[Start of Attachment]

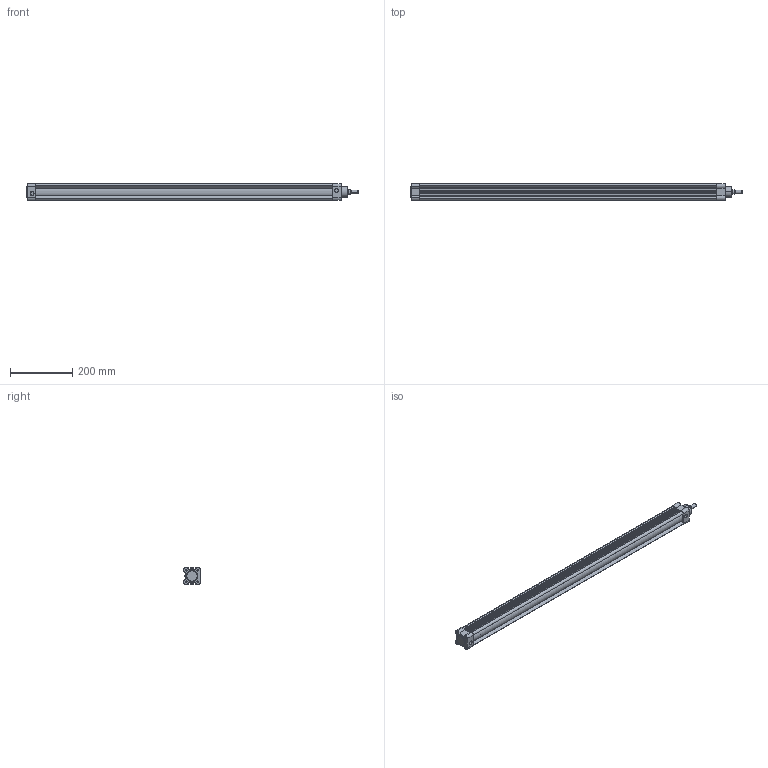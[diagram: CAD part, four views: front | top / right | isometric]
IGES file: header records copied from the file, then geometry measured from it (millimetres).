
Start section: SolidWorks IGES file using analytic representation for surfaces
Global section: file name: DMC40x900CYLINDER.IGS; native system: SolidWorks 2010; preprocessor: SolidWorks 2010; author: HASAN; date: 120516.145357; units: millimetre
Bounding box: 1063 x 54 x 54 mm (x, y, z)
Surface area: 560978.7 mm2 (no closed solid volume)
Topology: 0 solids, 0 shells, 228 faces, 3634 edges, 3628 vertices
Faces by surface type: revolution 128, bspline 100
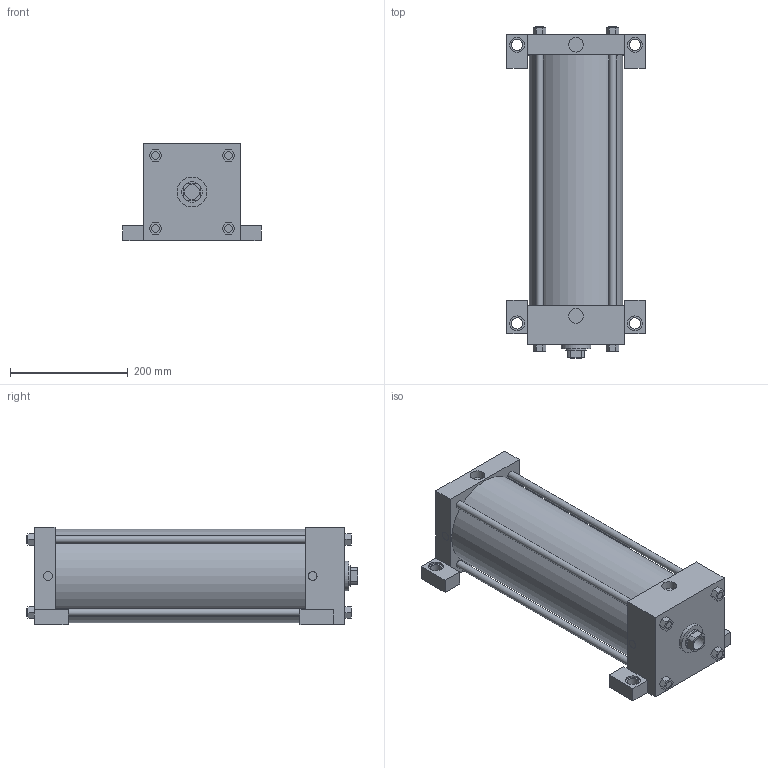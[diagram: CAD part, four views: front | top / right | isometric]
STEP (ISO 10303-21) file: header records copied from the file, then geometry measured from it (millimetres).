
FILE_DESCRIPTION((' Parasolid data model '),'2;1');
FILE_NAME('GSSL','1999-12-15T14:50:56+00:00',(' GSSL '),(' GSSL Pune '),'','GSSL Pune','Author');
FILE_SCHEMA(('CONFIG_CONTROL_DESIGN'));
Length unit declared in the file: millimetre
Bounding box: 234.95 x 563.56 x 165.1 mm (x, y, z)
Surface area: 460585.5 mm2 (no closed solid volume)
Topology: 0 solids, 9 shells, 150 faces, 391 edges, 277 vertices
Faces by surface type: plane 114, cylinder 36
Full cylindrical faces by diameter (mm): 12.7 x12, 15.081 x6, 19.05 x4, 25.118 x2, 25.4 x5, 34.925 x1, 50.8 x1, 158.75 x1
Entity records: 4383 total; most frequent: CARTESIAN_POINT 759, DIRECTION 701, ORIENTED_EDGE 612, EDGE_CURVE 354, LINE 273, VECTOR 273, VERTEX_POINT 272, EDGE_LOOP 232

[End of Attachment]

» WHAT THE TASK REQUIRES: Set down exactly the lines beginning at the one that holds "STEP (ISO 10303-21)" and ending with the last line of the data.

» SOLUTION FOR THIS PROBLEM:
STEP (ISO 10303-21) file: header records copied from the file, then geometry measured from it (millimetres).
FILE_DESCRIPTION((' Parasolid data model '),'2;1');
FILE_NAME('GSSL','1999-12-15T14:50:56+00:00',(' GSSL '),(' GSSL Pune '),'','GSSL Pune','Author');
FILE_SCHEMA(('CONFIG_CONTROL_DESIGN'));
Length unit declared in the file: millimetre
Bounding box: 234.95 x 563.56 x 165.1 mm (x, y, z)
Surface area: 460585.5 mm2 (no closed solid volume)
Topology: 0 solids, 9 shells, 150 faces, 391 edges, 277 vertices
Faces by surface type: plane 114, cylinder 36
Full cylindrical faces by diameter (mm): 12.7 x12, 15.081 x6, 19.05 x4, 25.118 x2, 25.4 x5, 34.925 x1, 50.8 x1, 158.75 x1
Entity records: 4383 total; most frequent: CARTESIAN_POINT 759, DIRECTION 701, ORIENTED_EDGE 612, EDGE_CURVE 354, LINE 273, VECTOR 273, VERTEX_POINT 272, EDGE_LOOP 232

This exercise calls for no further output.